Martedì, 27 Luglio 2021
Cronaca

Un'altra conferma: "Il Carnevale nella lotteria"

Dopo Maritati anche il senatore Rosario Giorgio Costa ufficializza l'abbinamento di Gallipoli e Viareggio nel circuito nazionale delle lotterie. E si innesca una piccola "guerra dei coriandoli"

Un carro dell'ultimo carnevale di Gallipoli

Nel primo pomeriggio di ieri la Commissione Finanze del Senato ha definitivamente approvato l'abbinamento dei Carnevali di Gallipoli e di Viareggio con la Lotteria Nazionale per l'edizione 2008. L'ufficialità è stata comunicata dal senatore Rosario Giorgio Costa, membro della stessa commissione, all'ex sindaco della cittadina ionica Giuseppe Venneri. E lo stesso primo cittadino non ha nascosto la sua soddisfazione, rilanciando (come è facile prevedere) un ennesimo sasso nello stagno delle polemiche dopo la prima diffusione della notizia da parte del sottosegretario alla giustizia Alberto Maritati. Il senatore dell'Ulivo aveva già annunciato il tutto al commissario prefettizio Angelo Trovato. Una sorta di "guerra" dei coriandoli quella in atto sull'abbinamento del Carnevale di Gallipoli al circuito nazionale della lotteria. Prima Maritati a perorare l'attenzione del Governo di Centrosinistra per Gallipoli (sulla scorta del lavoro pregresso dell'ex sindaco Flavio Fasano e sommo rappresentante locale dell'Agenzia nazionale del turismo); ora il senatore azzurro Giorgio Costa a ratificare quello che già era nelle previsioni sin dal 2003, da quando cioè l'amministrazione Venneri ottenne l'abbinamento alternato del Carnevale gallipolino alla lotteria.

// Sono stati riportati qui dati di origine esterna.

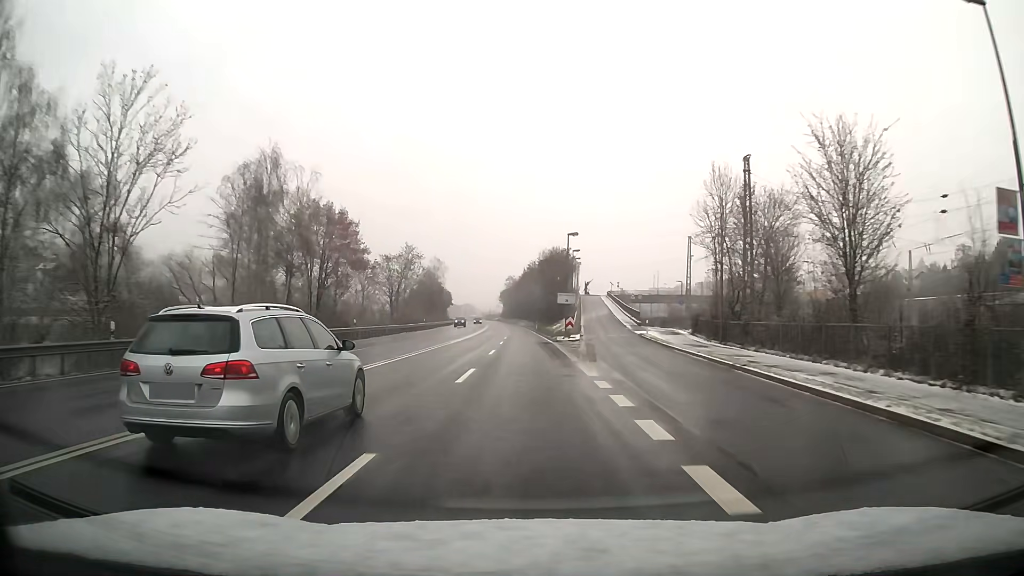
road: primary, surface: asphalt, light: Day
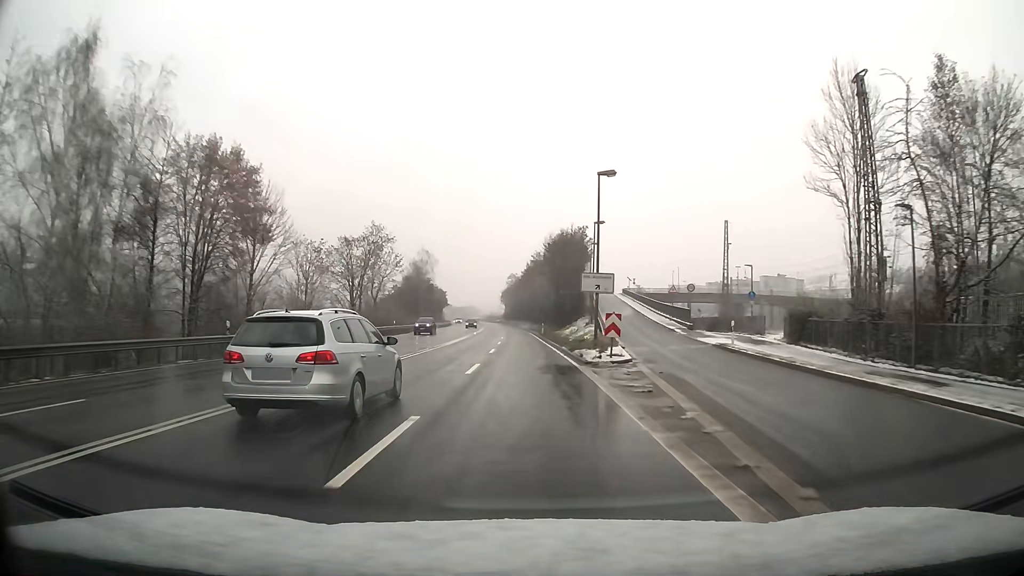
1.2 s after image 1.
(-0.1, +21.4) m; -1°
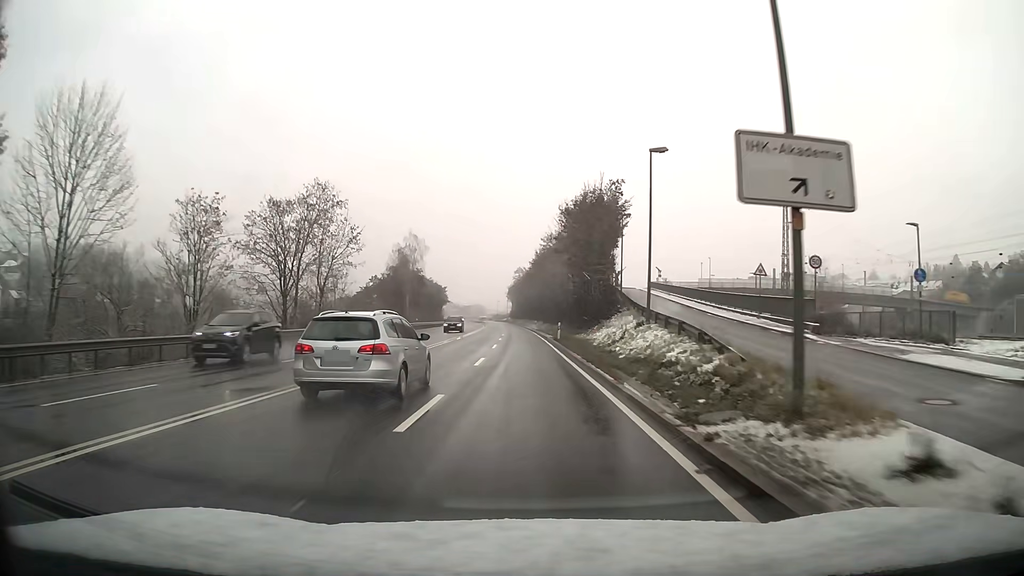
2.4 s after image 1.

"La Commissione Finanze" spiega l'ex sindaco azzurro, "non ha fatto altro che sancire un principio già incardinato anni addietro durante la mia quinquennale Amministrazione comunale e che prevede l'abbinamento tra il nostro Carnevale e il circuito della Lotteria ad anni alterni. Capisco che poi sia usuale, per chi ha amministrato senza risultato alcuno la nostra città, tentare di accampare paternità dell'ultima ora su un risultato per il quale il sottoscritto ha lavorato nel corso degli anni, recandosi personalmente a Roma, a Palazzo Madama, per perorare vittoriosamente la causa di Gallipoli e dei gallipolini. L'abbinamento, lo ripeto ancora una volta" dice ancora Venneri, "sarà una realtà costante per Gallipoli nel prossimo futuro, ad anni alterni, anche se credo che non mancherà nei prossimi giorni chi continuerà ad affermare che la Lotteria Nazionale per il Carnevale di Gallipoli è merito suo. Purtroppo per qualcuno e per fortuna per altri" conclude, "parlano i fatti, i documenti parlamentari e l'impegno di chi, come il sottoscritto, si è speso con successo per dare a Gallipoli un traguardo di risonanza nazionale e ai nostri maestri cartapestai, un 'tesoretto' che per il 2008 - grazie all'aggio ottenuto per l'edizione 2006, l'ultima in cui, durante la mia Amministrazione, si è realizzato l'abbinamento con la Lotteria - sarà di ben 37mila euro per poter realizzare, come al solito, autentici capolavori".